I hate to throw cold water on such a good idea, but the $5,000.00 gross
income limit is not a proposed part of the rules. It is already codified
in the OFPA and therefore I believe excempt from the RFA rules.
In this particular point, the USDA has no choice but to follow the law
(OFPA), although I personally don't think they were unhappy about that point.
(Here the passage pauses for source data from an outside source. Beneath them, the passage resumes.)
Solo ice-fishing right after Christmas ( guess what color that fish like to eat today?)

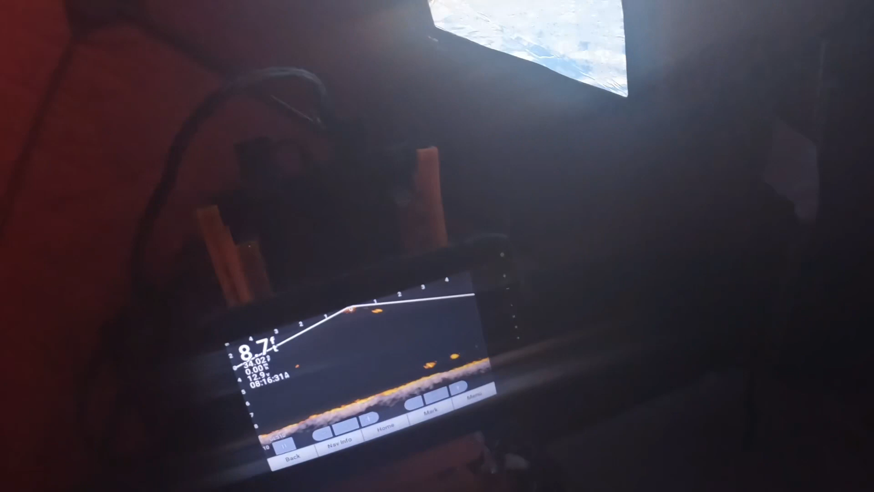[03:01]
So it's tracing my minnows right now. So let me see. Where I'm sitting right now is just super shallow.
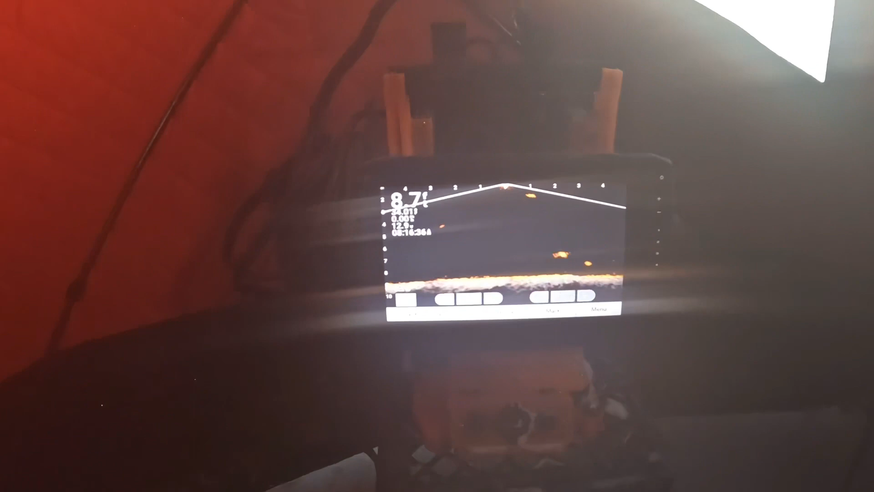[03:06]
As you guys can see, I'm at 8 feet right now. And there's a fish right now.
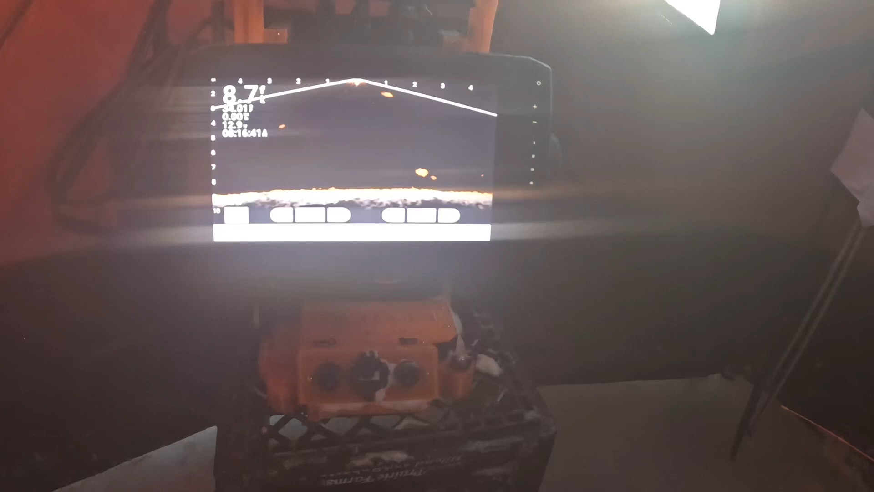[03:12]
Let's see if he's gonna bite it. I'm nearly just sit down.
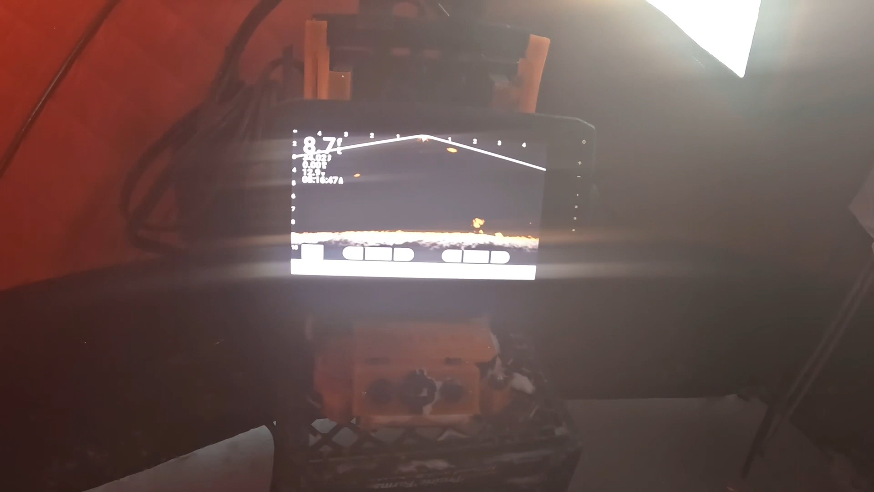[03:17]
So let's see if he doesn't. These are all the panfish. So let me.
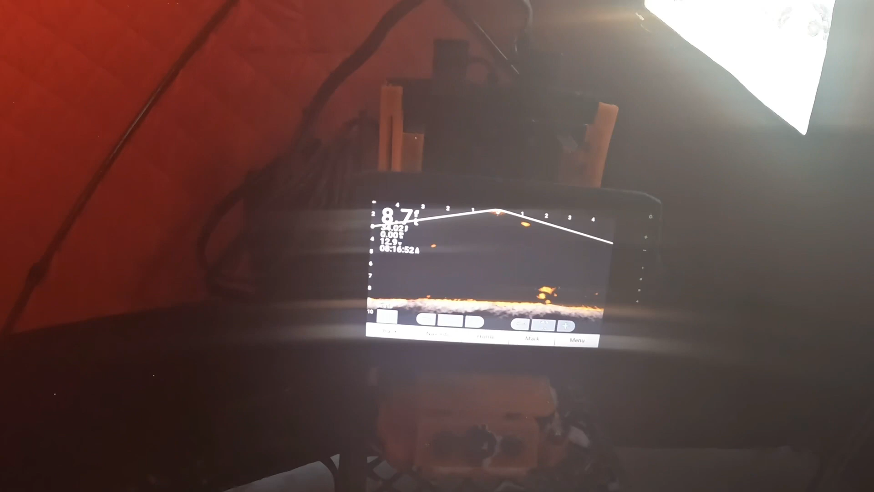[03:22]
Oh, these are perch.
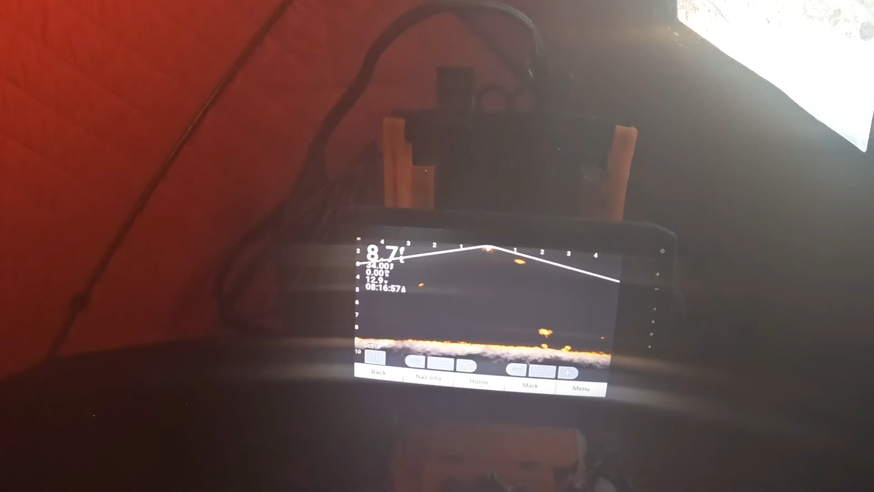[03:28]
So let me show you guys what I'm working on right now. Okay. So these are all the fish. There's one.
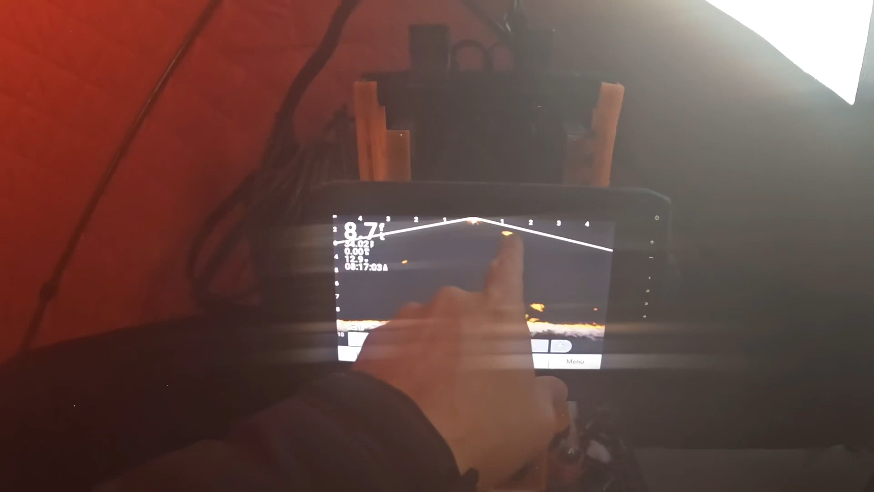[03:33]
There's a crabby. However, did you guys see here?
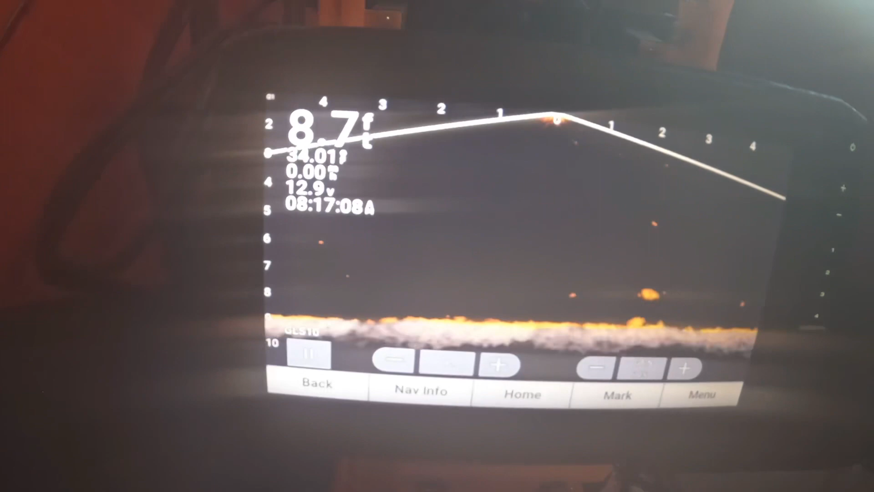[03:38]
If I move like this, where I'm sits, there's a little fallen trees behind it.
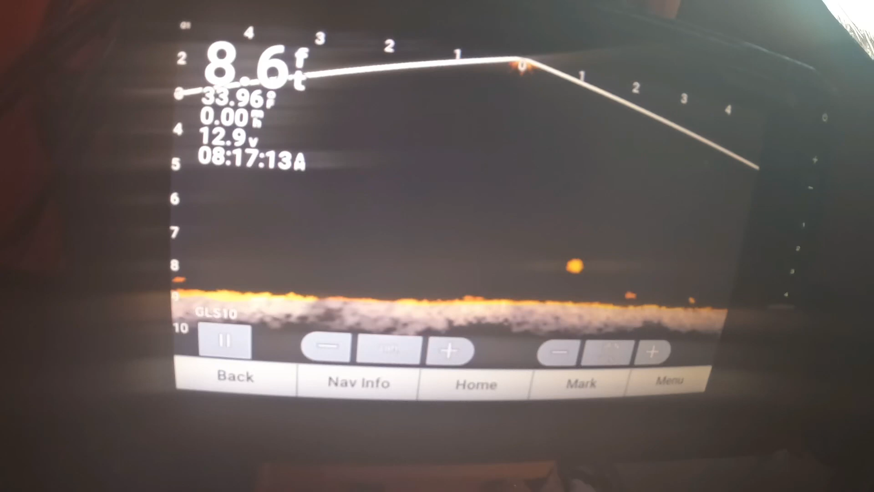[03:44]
On screen: depth 8.6 ft
I want to show you guys. Right here.
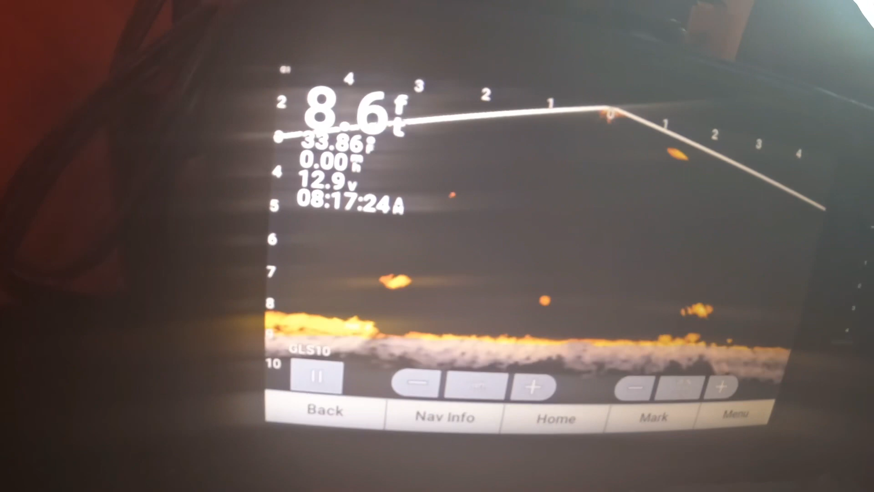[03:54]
On screen: depth 8.6 ft
On my left hand corner here, these are fallen trees down there.
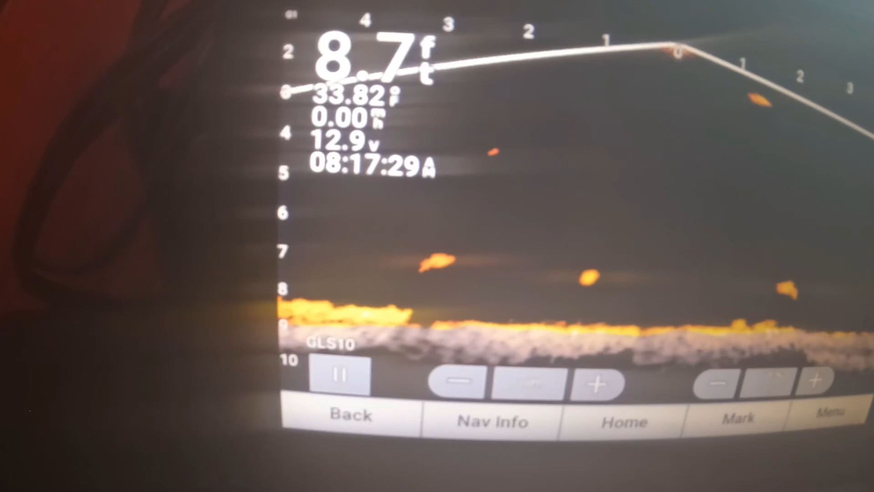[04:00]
On screen: depth 8.7 ft
So these are all crabbies around me right now.
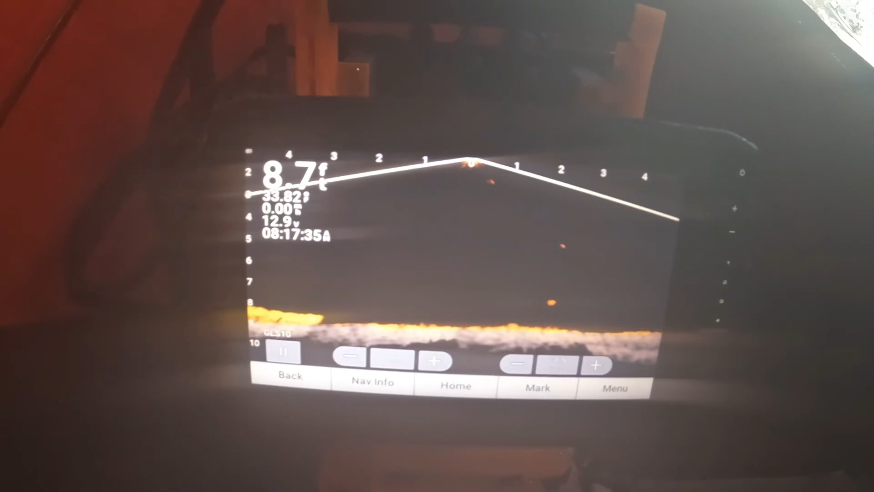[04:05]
So that's what I try to work on today.

The only way I know of to increase the gross income allowed in the
definition of a small operator (farmer or handler) is to convince your
Congress Critter to change the law.
At 09:59 4/26/98 -0700, sal wrote:
>>Date: Sun, 26 Apr 1998 08:18:00 -0700
>>From: "S. Moore" <email@example.com>
>>To: "BIODYNAMIC MAIL LIST (E-mail)" <firstname.lastname@example.org>,
>> "Lawrence London (E-mail)" <email@example.com>,
>>Subject: USDA Regulatory Flexibility Analysis
>>X-Mailer: Microsoft Outlook 8.5, Build 4.71.2173.0
>>In the uproar over the absurdity of USDA's proposed rules I have heard or
>>seen very little about the Regulatory Flexibility Act analysis contained
>>therein. I believe this could provide a legal pathway for virtually all
>>organic growers to seek relief from the insanity that USDA seeks to visit
>>upon us. The RFA, as amended in 1996, provides that a small business which
>>is adversely affected by agency action is entitled to judicial review of
>>agency compliance with certain aspects of RFA. The agency is required to
>>prepare an analysis of the economic impact on small entities of its
>>regulatory action. All of this appears to me to be a possible legal path to
>>overcome one of the worst features of OFPA, mandatory certification.
>>However, as with all other aspects of the rule making process, these issues
>>probably need to be raised during the public comment period. The comments
>>on RFA, which I am submitting personally and on behalf of the BD
>>Association, are presented below. I urge other concerned parties to also
>>submit comments to USDA on this issue.